Posted on January 13, 2015 by Tia Lalani

“The TRC tends to victimize the survivors of the residential schools and cannot fully pursue its role of establishing the grounds for restorative justice.”

20Jan - Ronning - Limits of Truth-TellingOn Tuesday, January 20, we invite you to spend some time with Ronald Niezen, professor of anthropology and McGill University. He will be discussing the results of his research into the TRC, also published in the book Truth and Indignation: Canada’s Truth and Reconciliation Commission on Indian Residential Schools (University of Toronto Press, 2013).

Dr.
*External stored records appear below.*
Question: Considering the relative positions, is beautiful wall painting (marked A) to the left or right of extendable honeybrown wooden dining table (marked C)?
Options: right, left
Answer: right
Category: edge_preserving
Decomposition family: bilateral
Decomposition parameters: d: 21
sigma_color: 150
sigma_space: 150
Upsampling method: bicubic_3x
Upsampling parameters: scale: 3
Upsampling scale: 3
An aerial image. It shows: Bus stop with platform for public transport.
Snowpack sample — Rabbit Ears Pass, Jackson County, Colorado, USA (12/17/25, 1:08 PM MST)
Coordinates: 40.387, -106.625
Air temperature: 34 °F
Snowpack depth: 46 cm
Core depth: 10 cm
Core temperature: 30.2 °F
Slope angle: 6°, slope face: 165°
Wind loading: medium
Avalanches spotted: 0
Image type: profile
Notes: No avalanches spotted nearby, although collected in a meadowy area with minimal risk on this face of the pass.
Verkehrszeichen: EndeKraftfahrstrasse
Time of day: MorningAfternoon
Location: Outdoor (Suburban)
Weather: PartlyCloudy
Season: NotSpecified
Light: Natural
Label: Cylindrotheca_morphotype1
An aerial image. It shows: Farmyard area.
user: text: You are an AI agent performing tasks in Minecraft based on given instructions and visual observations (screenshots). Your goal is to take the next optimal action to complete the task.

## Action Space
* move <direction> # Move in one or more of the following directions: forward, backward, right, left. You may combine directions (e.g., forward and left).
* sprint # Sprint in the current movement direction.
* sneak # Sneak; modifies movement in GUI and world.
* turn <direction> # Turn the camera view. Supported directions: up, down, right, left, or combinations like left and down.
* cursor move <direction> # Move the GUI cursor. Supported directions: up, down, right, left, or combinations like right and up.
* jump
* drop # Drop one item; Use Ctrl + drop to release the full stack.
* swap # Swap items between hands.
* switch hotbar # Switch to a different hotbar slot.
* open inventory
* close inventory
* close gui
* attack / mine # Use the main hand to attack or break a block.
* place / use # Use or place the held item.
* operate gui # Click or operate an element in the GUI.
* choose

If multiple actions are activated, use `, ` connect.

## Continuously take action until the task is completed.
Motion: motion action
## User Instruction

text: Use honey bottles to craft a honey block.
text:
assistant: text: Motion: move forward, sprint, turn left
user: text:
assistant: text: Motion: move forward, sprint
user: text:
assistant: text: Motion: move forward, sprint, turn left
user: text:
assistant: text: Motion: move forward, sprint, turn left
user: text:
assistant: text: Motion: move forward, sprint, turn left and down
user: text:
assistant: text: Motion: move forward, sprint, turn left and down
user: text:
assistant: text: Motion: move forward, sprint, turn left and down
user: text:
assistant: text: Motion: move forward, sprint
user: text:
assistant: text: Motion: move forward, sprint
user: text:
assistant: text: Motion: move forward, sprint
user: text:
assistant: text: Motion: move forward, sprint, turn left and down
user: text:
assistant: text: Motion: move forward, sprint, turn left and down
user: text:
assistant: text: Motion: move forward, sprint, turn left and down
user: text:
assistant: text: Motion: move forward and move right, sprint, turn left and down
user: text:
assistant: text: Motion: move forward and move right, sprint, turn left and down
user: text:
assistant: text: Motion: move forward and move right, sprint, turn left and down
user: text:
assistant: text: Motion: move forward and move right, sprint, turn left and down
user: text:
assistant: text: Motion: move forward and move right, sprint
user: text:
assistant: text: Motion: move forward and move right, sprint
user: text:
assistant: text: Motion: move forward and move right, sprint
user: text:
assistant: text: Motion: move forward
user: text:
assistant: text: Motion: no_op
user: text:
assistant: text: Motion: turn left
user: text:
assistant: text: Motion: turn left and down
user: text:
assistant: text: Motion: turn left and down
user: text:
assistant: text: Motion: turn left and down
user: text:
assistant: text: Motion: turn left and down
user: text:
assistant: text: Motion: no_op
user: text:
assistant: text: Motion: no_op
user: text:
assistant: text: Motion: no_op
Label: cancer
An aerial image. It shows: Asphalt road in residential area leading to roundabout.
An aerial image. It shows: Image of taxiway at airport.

Niezen shows the current process of reconciliation through the TRC as lacking in participation from governments and Euro-Canadians and as excluding the testimony of the persons who took part in the institution. As a result, the TRC tends to victimize the survivors of the residential schools and cannot fully pursue its role of establishing the grounds for restorative justice.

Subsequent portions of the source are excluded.